Ossip Mandelstam, l’une parmi tous les millions de victimes du
stalinisme
Lorsque l’on est confiné, il y a les quelques sorties pour l’approvisionnement, et la promenade qu’il faut absolument faire, pour la santé. Mais une bonne partie de la disponibilité restante, pour ma part je la consacre à la lecture. Il y a ainsi des livres qui traînent sur l’étagère depuis des années voire des décennies et qui passent ainsi à la lecture.
C’est
ainsi que je viens de terminer le premier tome du livre de la compagne du poète
russe Ossip Mandelstam, Nadejda Mandelstam, au titre qui donne le
frisson : « Contre tout espoir
– Souvenirs ».
Ossip
Mandelstam mena une vie de paria, en particulier à partir de 1934 jusqu’à sa
mort quatre ans plus tard, en camp, dans l’Extrême-orient soviétique, non loin
de Vladivostok.
Ce
livre de souvenirs portant sur cette période par ailleurs des Grands procès
staliniens, évoque certes l’histoire de la littérature et de la poésie de cette
époque, mais surtout l’horreur d’un État totalitaire qui a fait tellement de
mal au combat pour le communisme dont il est aux antipodes.
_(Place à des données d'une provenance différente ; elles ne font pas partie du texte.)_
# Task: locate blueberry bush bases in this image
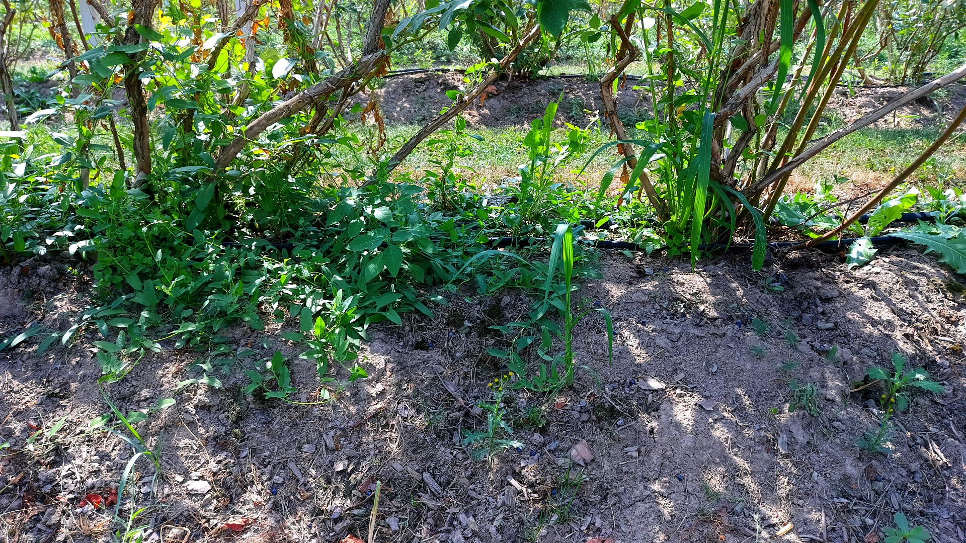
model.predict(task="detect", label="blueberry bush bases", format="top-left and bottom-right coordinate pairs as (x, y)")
top-left (610, 128), bottom-right (887, 295)
top-left (477, 48), bottom-right (556, 97)
top-left (94, 98), bottom-right (348, 295)
top-left (861, 47), bottom-right (937, 97)

Nous aurons sans
doute l’occasion de revenir sur le courant dont nous sommes les continuateurs,
le courant trotskyste soviétique qui aura combattu jusqu’au bout dans le goulag
contre la dégénérescence stalinienne du premier État ouvrier, pour ce que nous
considérons plus que jamais comme le seul avenir de l’humanité, le communisme
des états-unis socialistes du monde. Ces militants trotskystes qui disparurent
les uns après les autres dans les isolateurs de la bureaucratie stalinienne.
Pour
revenir à Ossip Mandelstam, ses ennuis s’aggravèrent quand fut connu le
poème qu’il écrivit sur Staline en 1933, quelques mois avant son
arrestation. Je vous le livre. Ne serait-ce que pour ce poème et le courage de
l’avoir écrit, le nom de ce poète mérite notre mémoire.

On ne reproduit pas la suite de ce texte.